Robert Mitchell, "The Transcendental: Deleuze, P. B. Shelley, and the Freedom of Immobility"
This essay highlights the relevance of Deleuze for Romanticists and Romanticism by linking Deleuze's philosophy to a central Romantic-era philosopher, Immanuel Kant, and to one of the more philosophical of the British Romantic poets, Percy Shelley. Deleuze's method of "transcendental deduction" bears on the Kantianism with which scholars of Romanticism are already familiar, but it also highlights a conception of rhythm that is assumed, but not made explicit, in Kant's theory of aesthetic judgment. Deleuze's reading of the role of rhythm in Kant can, in turn, help us to better understand the roles of passivity and temporality in Percy Shelley's writings. Focusing on Shelley's poem “Mont Blanc," Mitchell argues that Deleuze's discussion of the role of rhythm in Kant's philosophy helps us to understand how Shelley connects the thematic content of his poem—namely, the experience of being in the presence of the mountain—with the rhythmic structure of the poem itself. Where in his earlier writings Shelley had implied that poetry produced moral improvement by inculcating in readers a sense of being part of an animated whole, "Mont Blanc" instead employs rhyme to suspend the animation of his readers, which in turn allows readers and listeners to isolate their capacities for sensation.
Ron Broglio, "Wandering in the Landscape with Wordsworth and Deleuze"
I am interested in using Deleuze to "flatten" Romanticism and deflate the humanist subject at its center. In place of the subject, I see the physicality of bodies and effects of environmental forces as significant agents. In a sense, Deleuze gives us a phenomenology but without the privileged interiority of the human subject.
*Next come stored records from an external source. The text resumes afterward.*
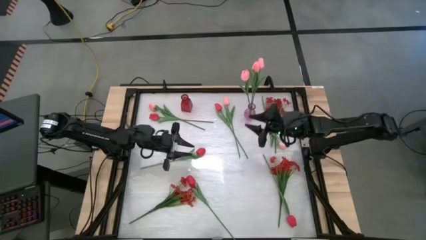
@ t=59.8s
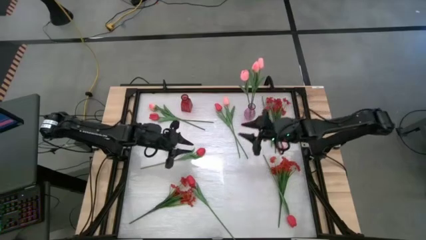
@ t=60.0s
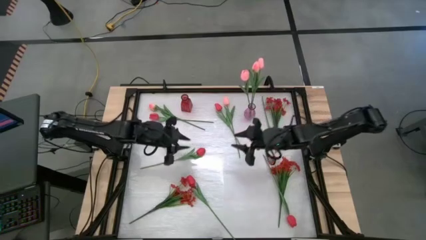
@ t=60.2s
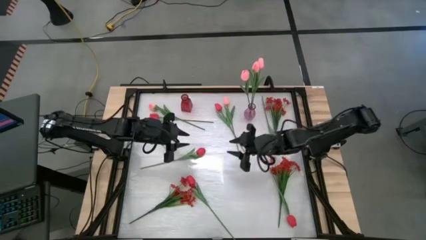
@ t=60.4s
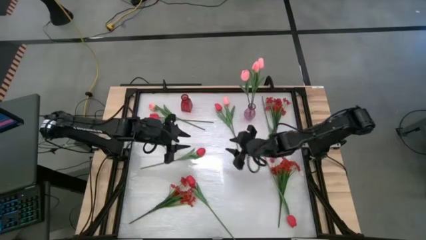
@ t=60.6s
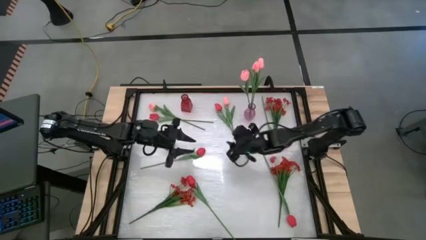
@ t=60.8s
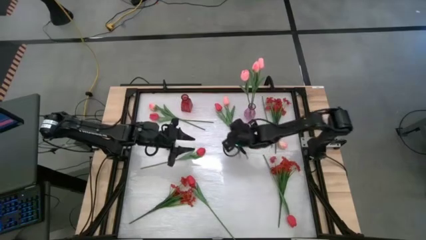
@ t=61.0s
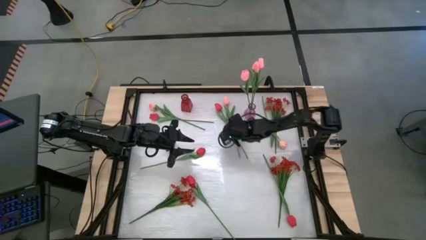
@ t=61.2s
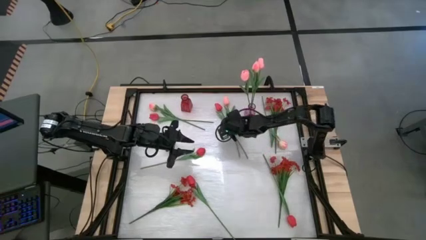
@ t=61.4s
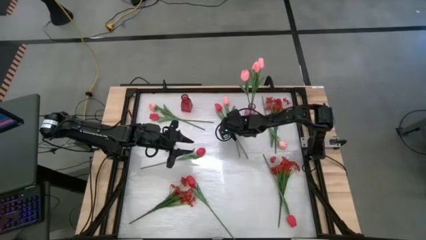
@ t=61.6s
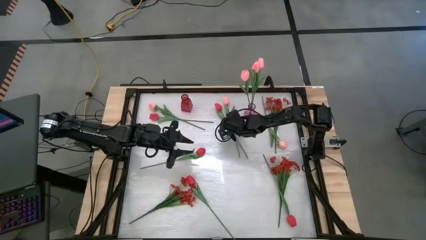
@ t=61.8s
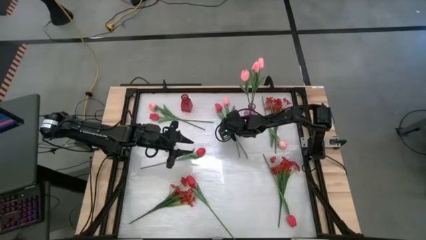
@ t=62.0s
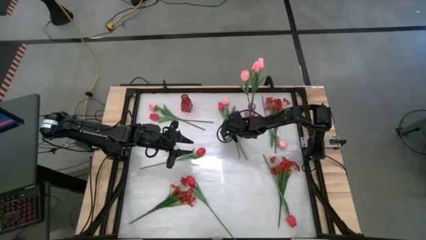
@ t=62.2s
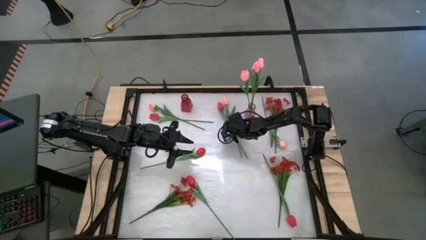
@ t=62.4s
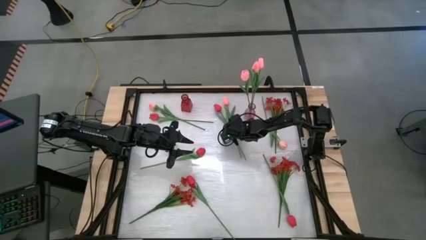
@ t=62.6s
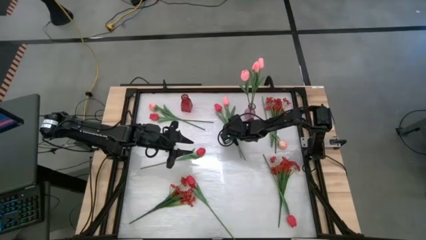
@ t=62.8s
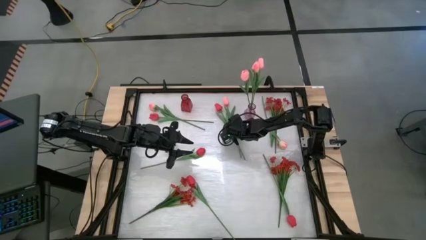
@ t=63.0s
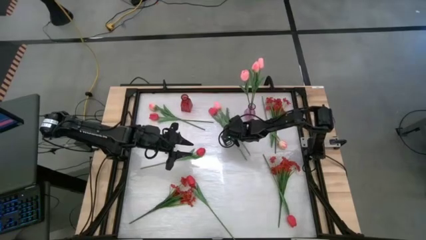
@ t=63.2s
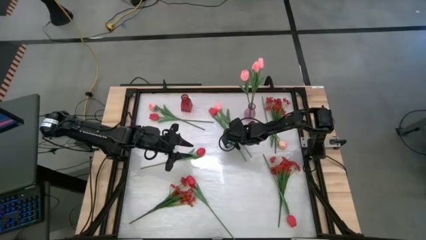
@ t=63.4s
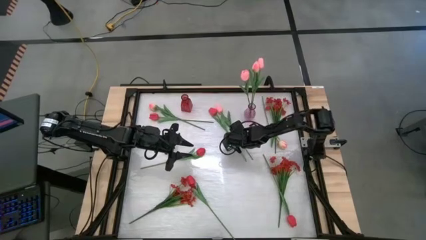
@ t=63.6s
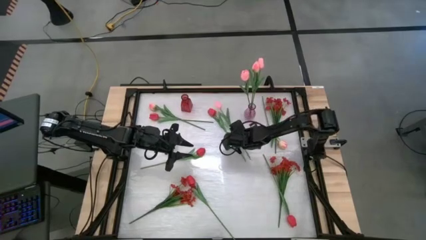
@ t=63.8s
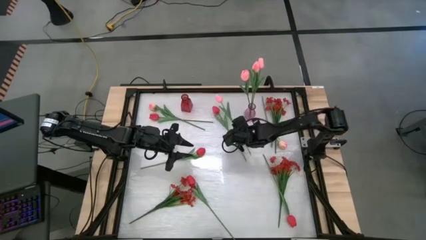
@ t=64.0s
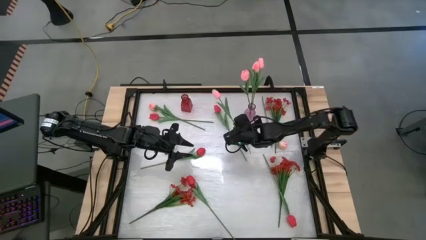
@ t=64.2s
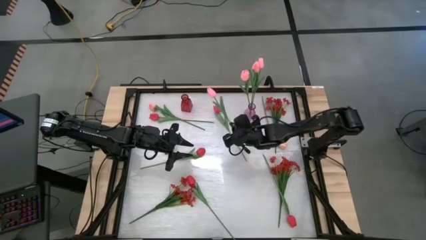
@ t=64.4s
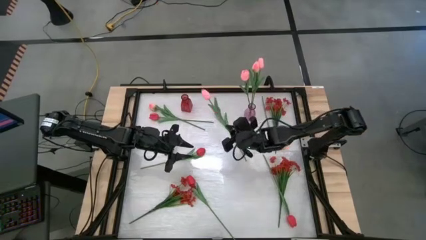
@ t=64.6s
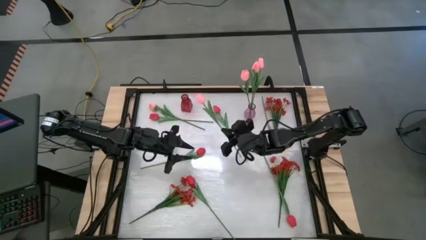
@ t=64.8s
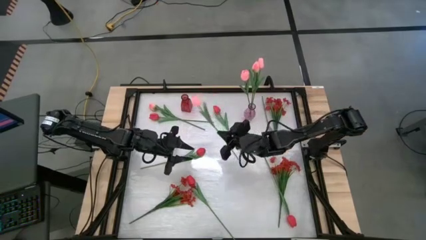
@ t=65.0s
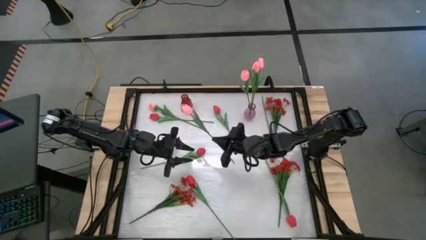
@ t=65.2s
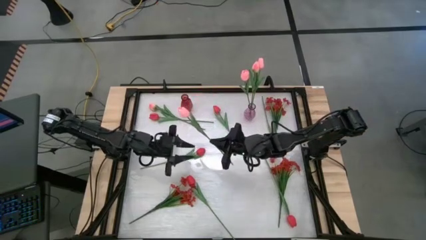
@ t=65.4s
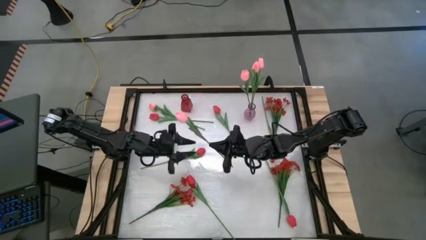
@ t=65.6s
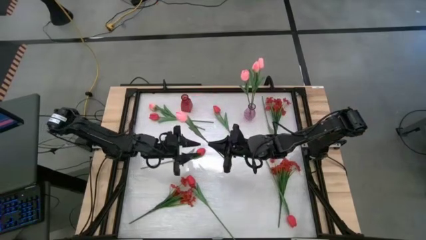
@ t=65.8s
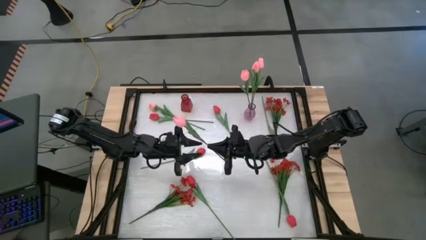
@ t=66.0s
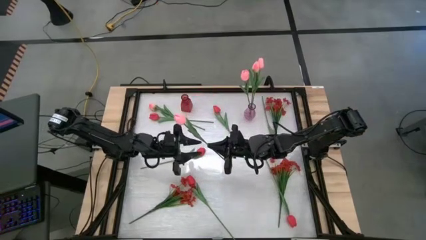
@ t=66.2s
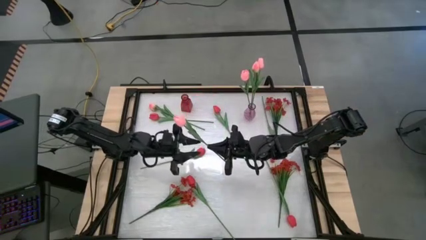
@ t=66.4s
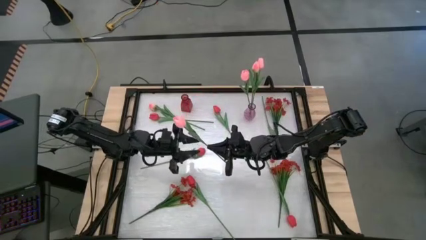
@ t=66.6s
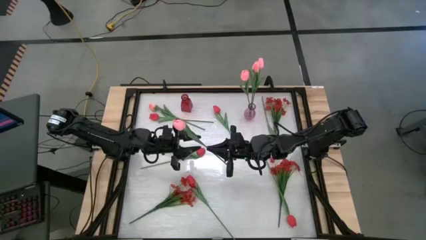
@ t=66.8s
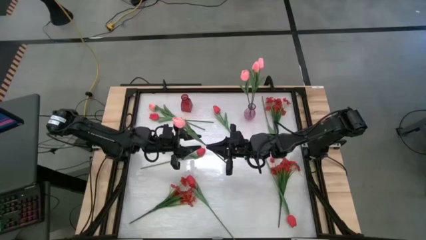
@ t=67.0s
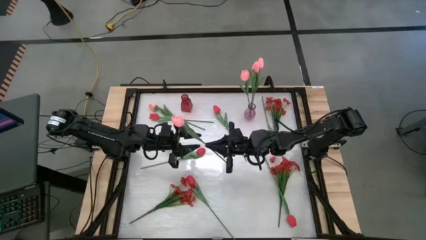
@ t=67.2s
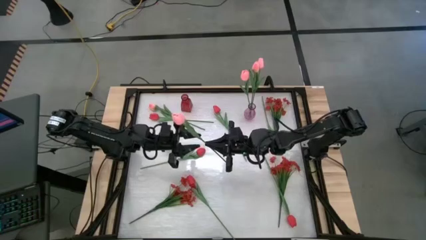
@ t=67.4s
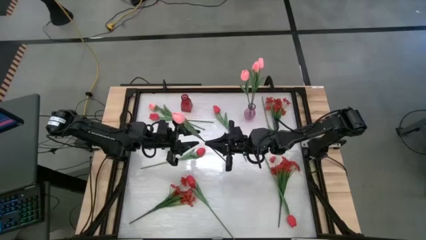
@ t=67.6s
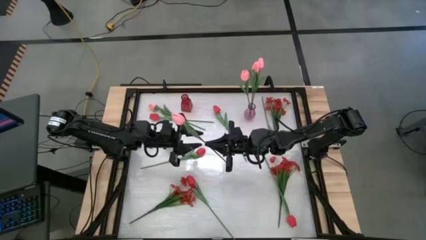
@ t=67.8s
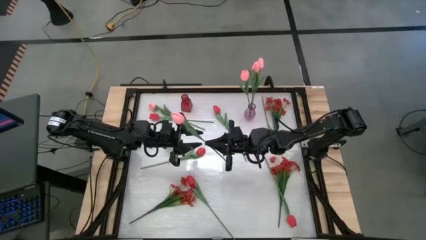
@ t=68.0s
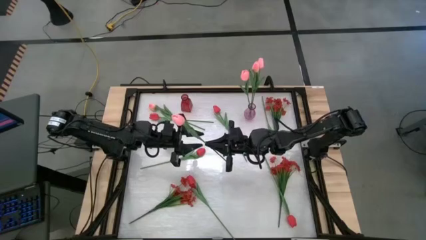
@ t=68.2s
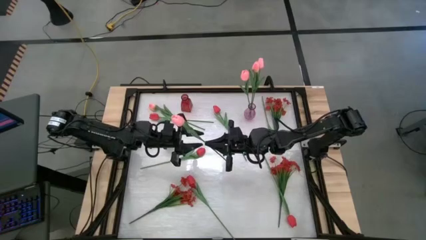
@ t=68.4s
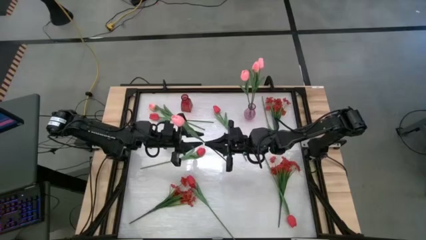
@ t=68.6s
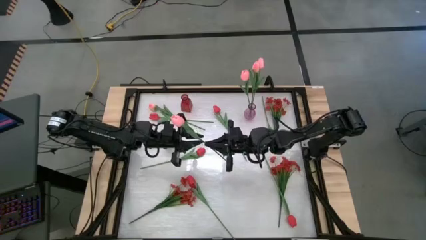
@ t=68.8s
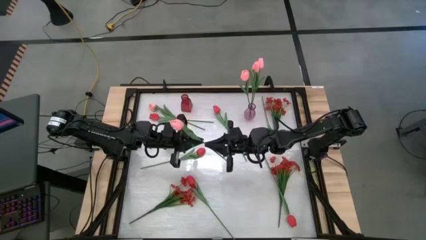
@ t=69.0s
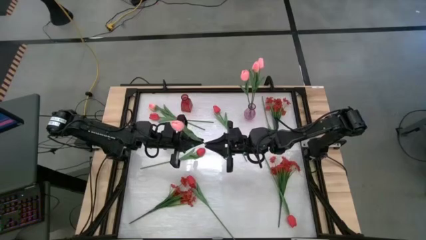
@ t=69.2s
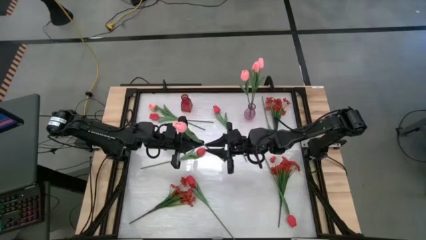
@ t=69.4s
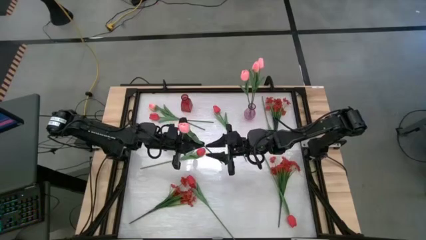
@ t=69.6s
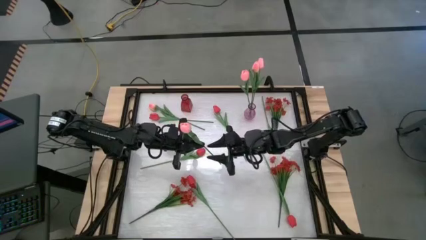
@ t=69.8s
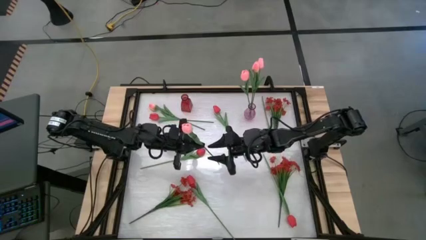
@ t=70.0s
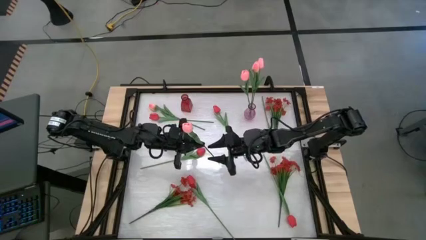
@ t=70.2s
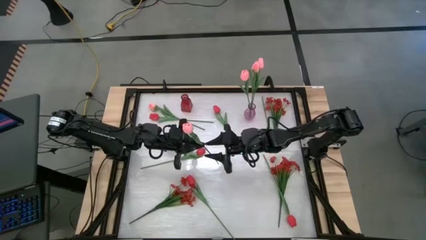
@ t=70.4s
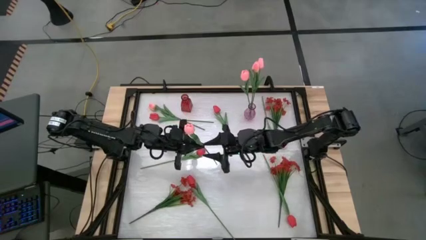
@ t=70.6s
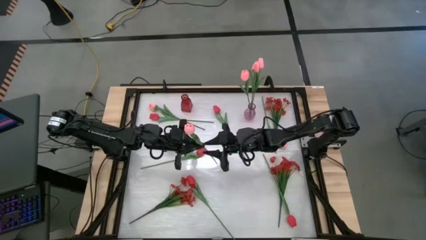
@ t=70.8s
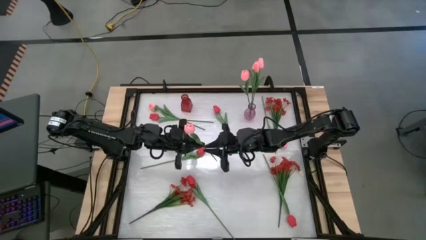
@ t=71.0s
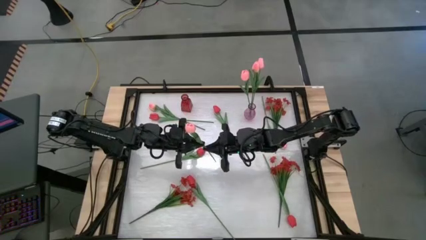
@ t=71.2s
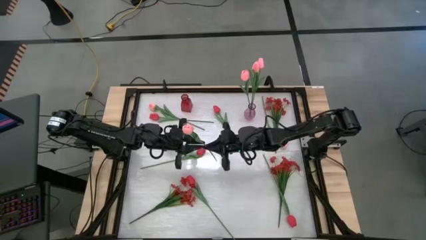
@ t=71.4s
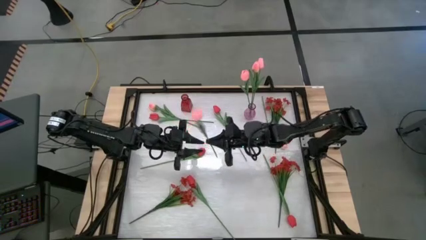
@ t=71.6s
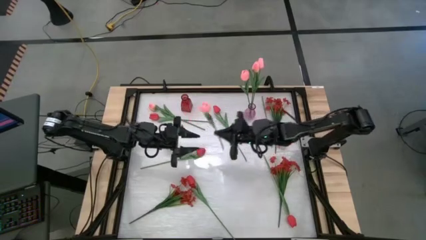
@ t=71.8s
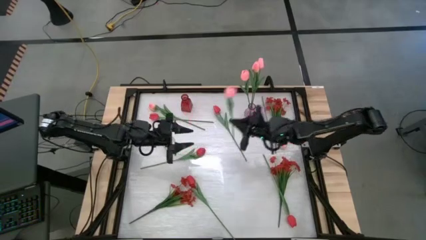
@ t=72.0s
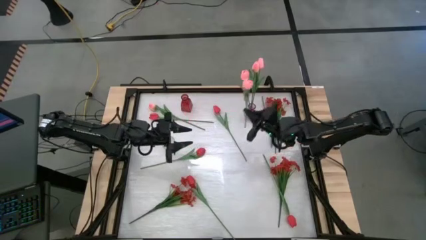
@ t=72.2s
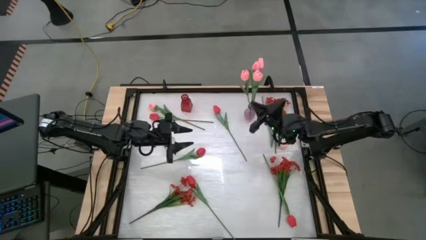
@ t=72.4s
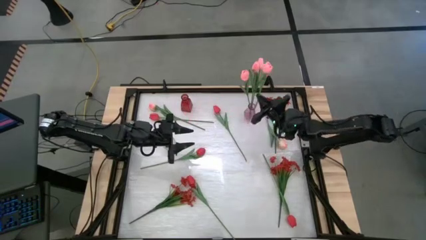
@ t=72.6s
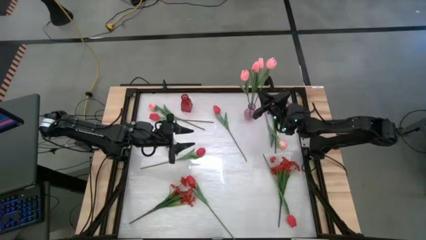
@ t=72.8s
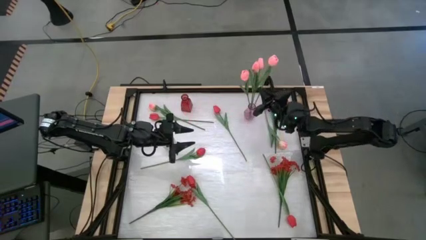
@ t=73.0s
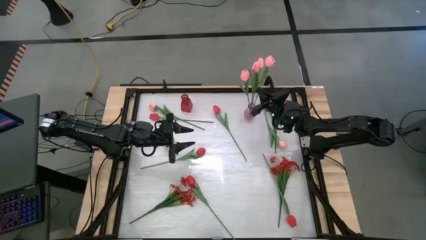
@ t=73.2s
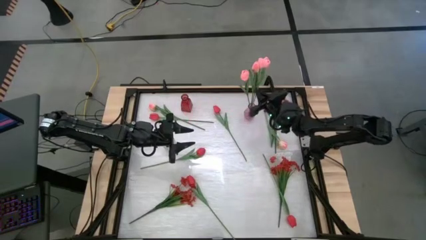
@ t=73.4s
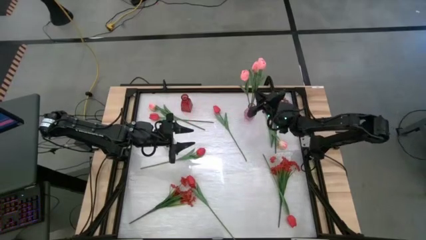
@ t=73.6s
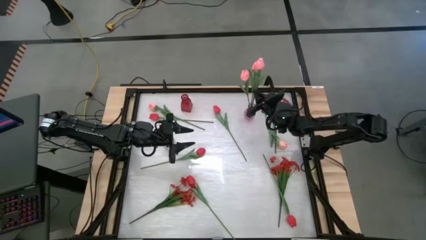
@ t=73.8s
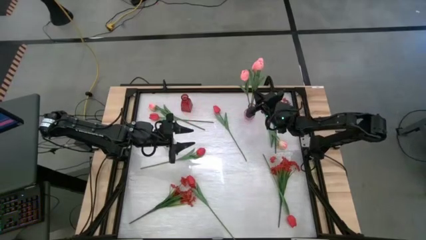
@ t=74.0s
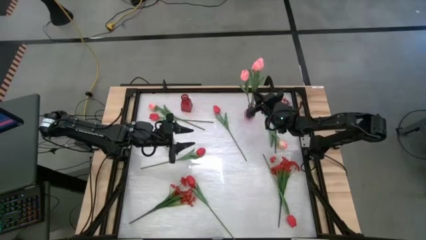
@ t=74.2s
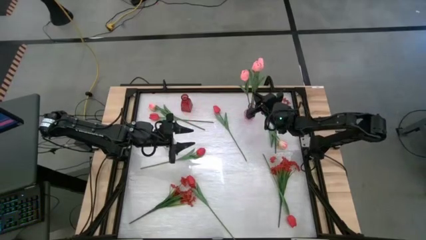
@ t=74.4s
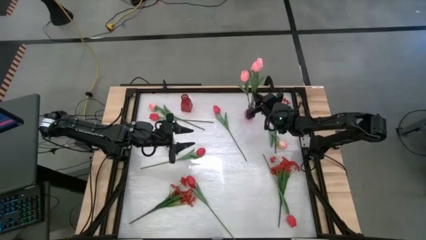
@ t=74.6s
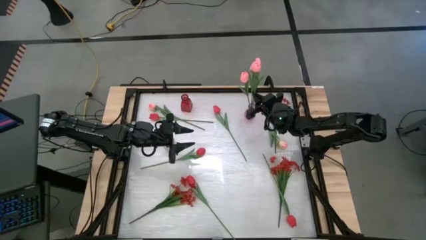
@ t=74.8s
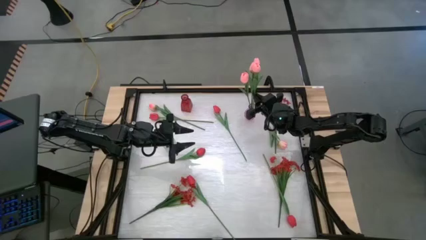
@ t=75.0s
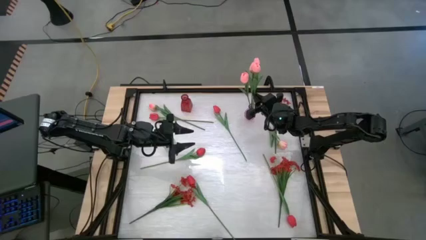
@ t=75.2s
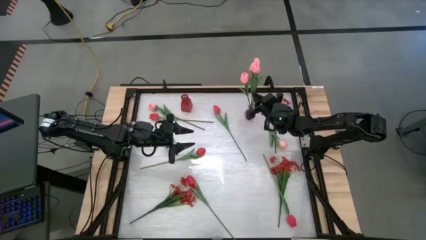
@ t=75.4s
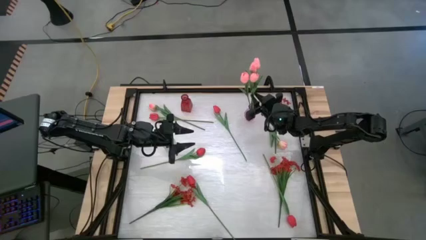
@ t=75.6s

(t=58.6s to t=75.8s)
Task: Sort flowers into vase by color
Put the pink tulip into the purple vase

The work of Deleuze and Guattari opens the way for reassessing and reassembling bodies and desires outside of social machinery and toward what Paul Youngquist refers to as "monstrosity." From a reconfiguration of language to a revaluation of the (im)proper body, the schizo-stroll produces something that cannot be adequately assessed by the social subject and the moral, religious, and even aesthetic norms of which it is a part.
David Baulch, "Repetition, Representation and Revolution: Deleuze and Blake's America"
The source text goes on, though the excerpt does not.